# Projet Text to Handwriting – Préparation du Dataset IAM et Implémentation d'un cGAN
Ce notebook combine la préparation des données du dataset IAM et l'implémentation d'un Conditional GAN (cGAN) pour générer des images manuscrites à partir de texte.

## 1. Préparation des données

In [4]:
# Importer les bibliothèques nécessaires
import os
import pandas as pd
import cv2
import numpy as np
from sklearn.model_selection import train_test_split
from PIL import Image
import torch
from torchvision import transforms
from torch.utils.data import Dataset, DataLoader
import string

# Définir le chemin du dossier IAM
data_dir = "IAM_dataset"
lines_file = os.path.join(data_dir, "ascii", "lines.txt")
lines_img_dir = os.path.join(data_dir, "lines")  # Dossier des images

# Vérifier si les dossiers existent
if not os.path.exists(data_dir):
    print("❌ Erreur : Le dossier IAM_dataset n'existe pas.")
elif not os.path.exists(lines_img_dir):
    print("❌ Erreur : Le dossier lines n'existe pas dans IAM_dataset.")
else:
    print(f"✅ Dossier trouvé : {data_dir}")
    print(f"📁 Dossier des images : {lines_img_dir}")
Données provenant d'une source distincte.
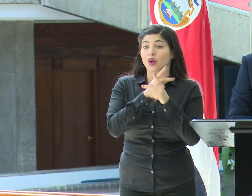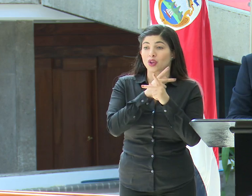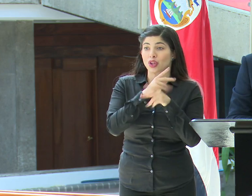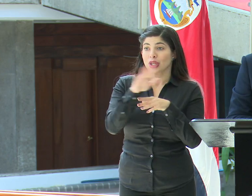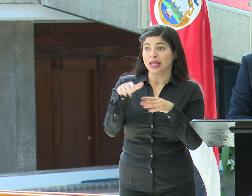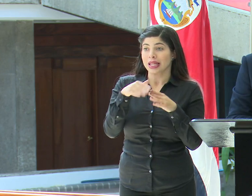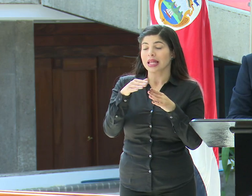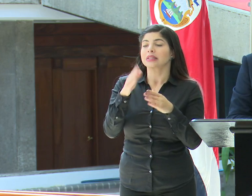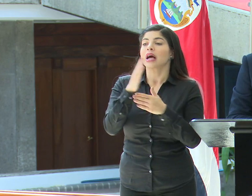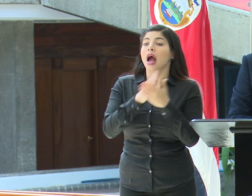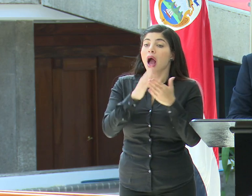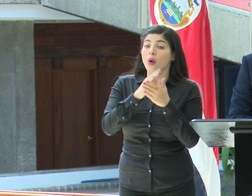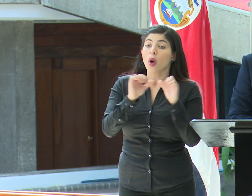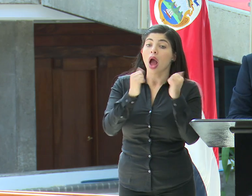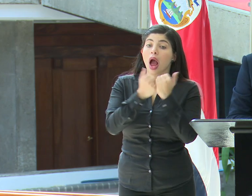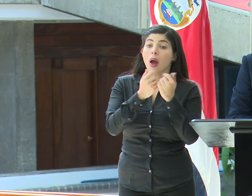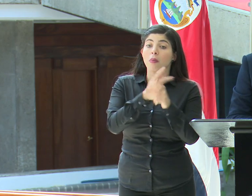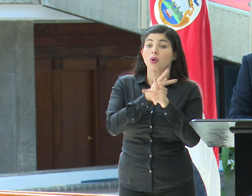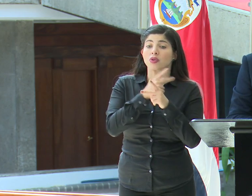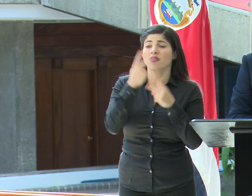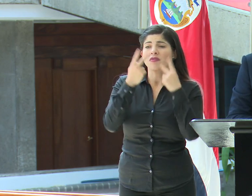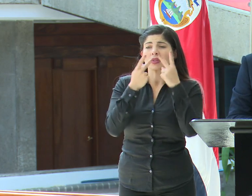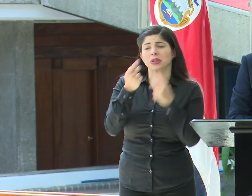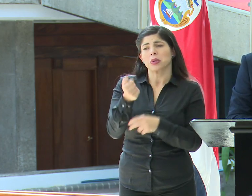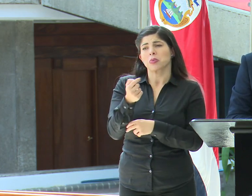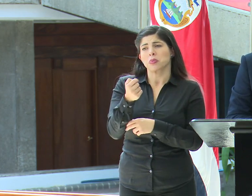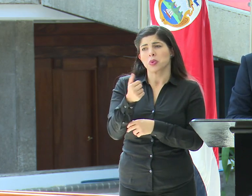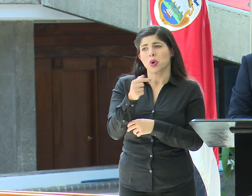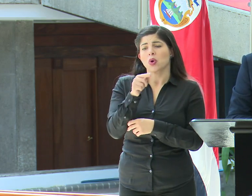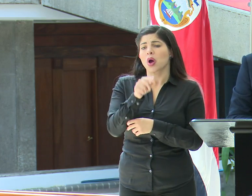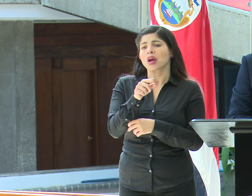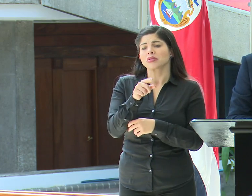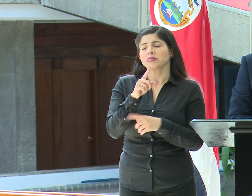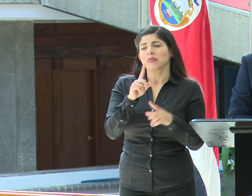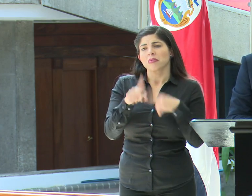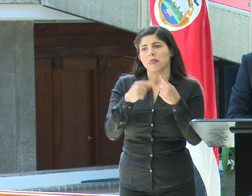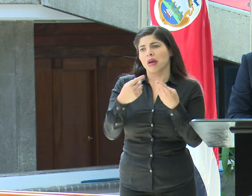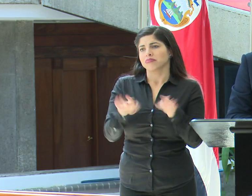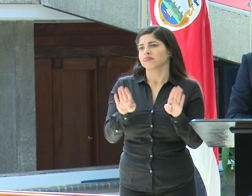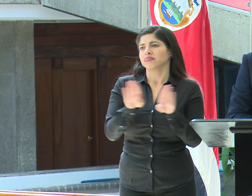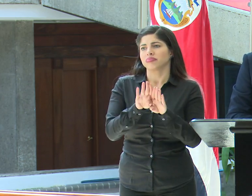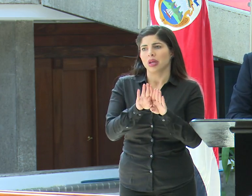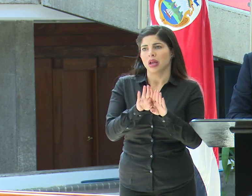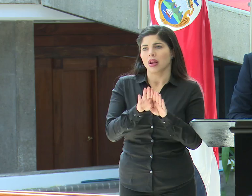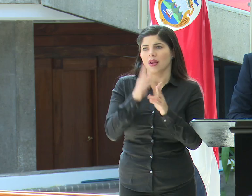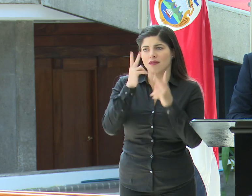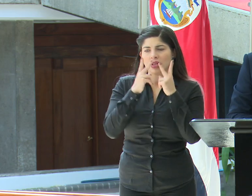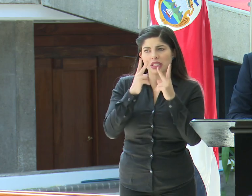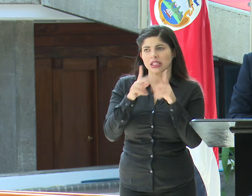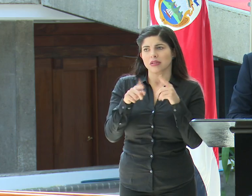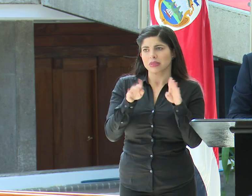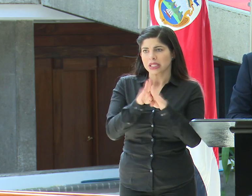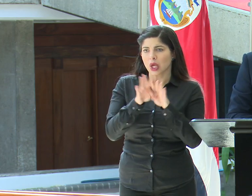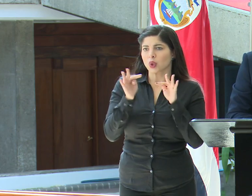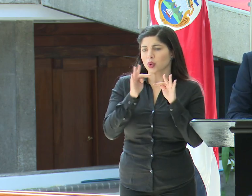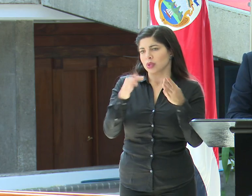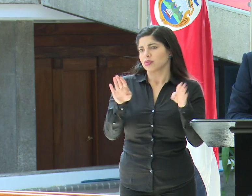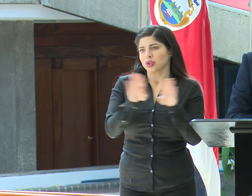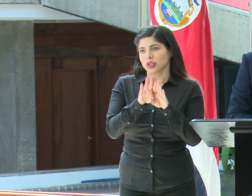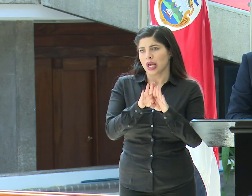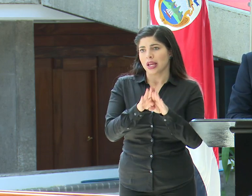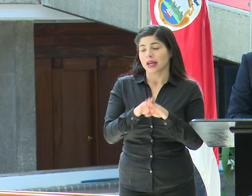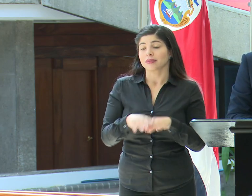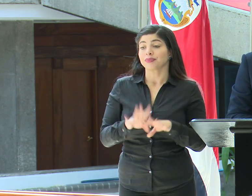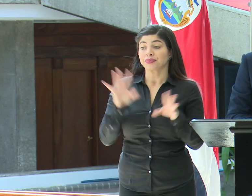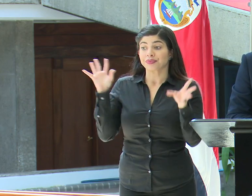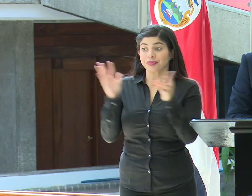algunas áreas y diversas protegidas que tienen poca visitación y ellas se van a cerrar a la visitación y al turismo. Aún
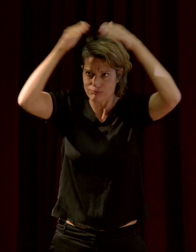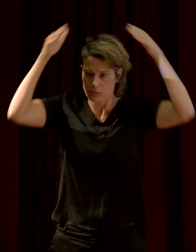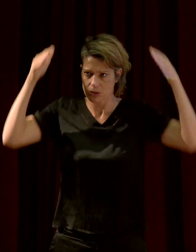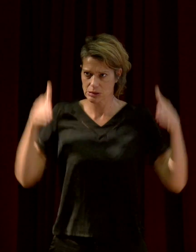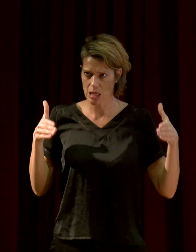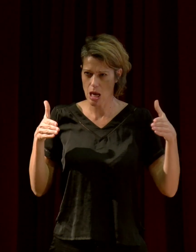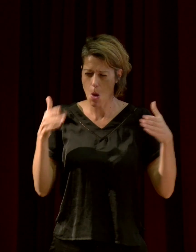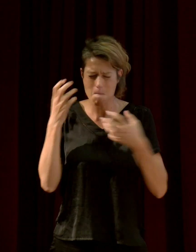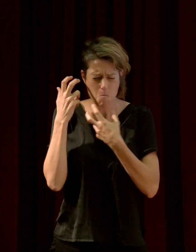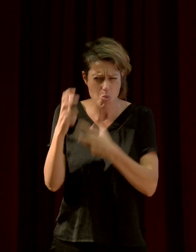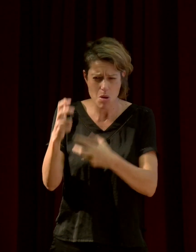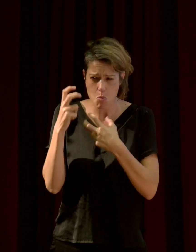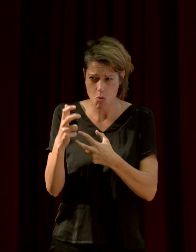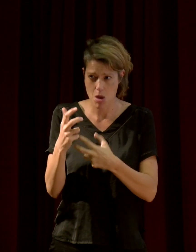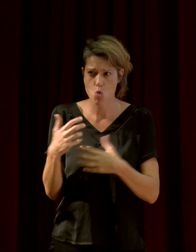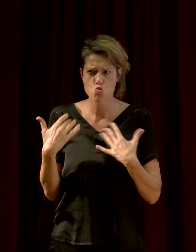Oui.

# Lecture et parsing du fichier lines.txt
lines_data = []
with open(lines_file, 'r', encoding='utf-8') as f:
    for line in f:
        if line.startswith('#') or not line.strip():
            continue
        parts = line.strip().split()
        if len(parts) >= 9:
            img_id = parts[0]
            status = parts[1]
            if status == 'ok':
                text = ' '.join(parts[8:]).replace('|', ' ')
                img_base = img_id.split('-')[0]
                sub_dir = '-'.join(img_id.split('-')[:2])
                img_name = f"{img_id}.png"
                img_path = os.path.join(lines_img_dir, img_base, sub_dir, img_name)
                if os.path.exists(img_path):
                    lines_data.append((img_path, text))
                else:
                    print(f"⚠️ Image non trouvée : {img_path}")

# Créer un DataFrame
df_lines = pd.DataFrame(lines_data, columns=['image_path', 'text'])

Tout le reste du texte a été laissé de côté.